Erlich:Yes, there are a lot of aspects that relate to cities where I grew up and currently live. I always feel that we are at the very edge of the world, and are far distanced from the cultural centers, more or less in the periphery. On the other hand, unlike Japan or Europe, both Argentina and Uruguay are very young countries, with histories of only 200 years or so. Unlike Mexico or Peru, Argentina doesn’t have such a large native population. It is a very fertile place, in which many different things have come together to create the country’s identity. It is not easy to define this identity. There are many immigrants from Europe, such as France, Spain, Italy, and Germany, and these people have served to create and claim a new culture. I think it is this crossing and integrating of cultures that greatly fascinated Borges. Borges was also drawn to the mysticism of the Far East such as Japan and ancient China, which he incorporated into his writings.
――You also create works through drawing inspiration from literature. Are there any philosophers that you are fond of?
Erlich:There are many. At the time I was interested in Western philosophy. I was also drawn to Eastern philosophy, as I found its approach to be highly spiritual. Ancient Greek philosophers like Plato and Aristotle posed fundamental questions such as how humans had arrived in the world, as well as the nature of this world in which we live, and how we look and reflect upon things. I consider myself to be like a child, always keeping my eyes open and trying to understand everything that surrounds me.
――Your works enable us to sense the joy of discovering the world. This summer, movement and travel restrictions are still set in place in Japan, yet KINARE in Echigo-Tsumari is open to the public, and many people, especially children, enjoy playing in your pool-Palimpsest:pond of sky. They are very happy to be a part of your work. How do you want children to experience you work?
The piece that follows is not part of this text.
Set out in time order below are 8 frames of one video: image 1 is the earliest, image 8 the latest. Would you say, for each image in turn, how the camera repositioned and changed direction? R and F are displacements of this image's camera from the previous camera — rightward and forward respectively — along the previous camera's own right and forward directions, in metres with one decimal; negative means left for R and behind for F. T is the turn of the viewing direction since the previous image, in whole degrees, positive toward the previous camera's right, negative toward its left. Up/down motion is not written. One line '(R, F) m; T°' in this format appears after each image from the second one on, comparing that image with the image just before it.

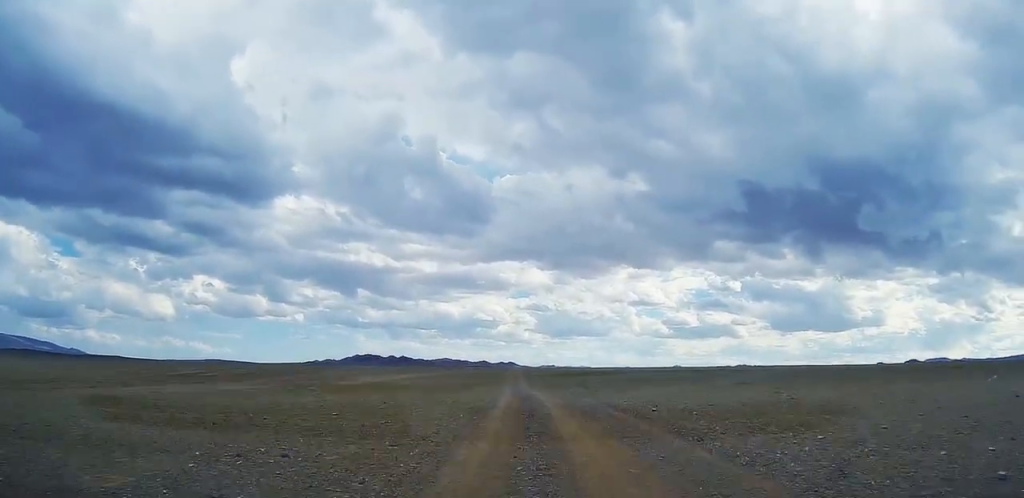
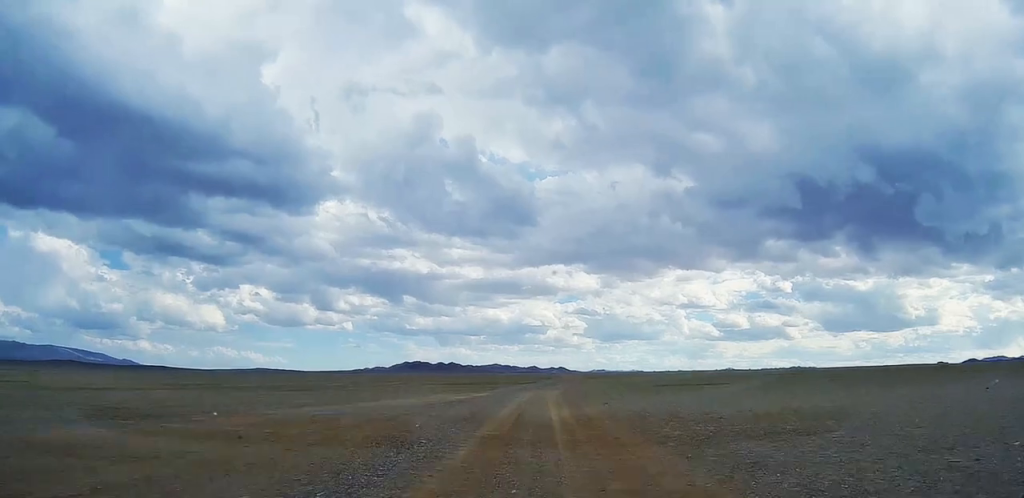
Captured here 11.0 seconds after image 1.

Erlich:I always anticipate interactions with the work to occur spontaneously. Children achieve this very well. Spontaneity is something we lost over time. For children, the whole world is a fascinating, and surprising place. Children cannot read longs books, but they can listen to stories, and play. They gain an understanding of the world through playing. The first step to knowledge comes with playing, and my work entails a lot of playing. Elements of surprise and new knowledge bring joy. While adults and children are different, we are the same animal. You could liken it to Hamachi, which is a progressive fish. There are some people who, when reaching a certain age, stop questioning and stop learning because they feel that they already know and understand enough. They lose their curiosity. It is a pity, because we can be 80 years old, and still bring new ideas into this world. New ideas are not only for young people, but it is for all those who are alive. Keep thinking, and keep awake.
Born 1973, in Buenos Aires, Argentina. His solo exhibitions include the Museum of Contemporary Art, Rome (2006) and MoMA PS1 (2008), with participations in numerous international exhibitions such as the Venice Biennale (2001) and the Liverpool Biennale (2008). He held his first solo exhibition in Japan in 2014 at the 21st Century Museum of Contemporary Art, Kanazawa. His solo exhibition “Leandro Erlich: Seeing is Believing” (Mori Art Museum, Tokyo, 2017~2018), received over 610,000 visitors. Art Front Gallery has been working with Leandro Erlich since the 2006 Echigo-Tsumari Art Triennale, coordinating the production of his projects and artworks for the Setouchi Triennale, KAMU kanazawa, as well as in Taiwan and Korea.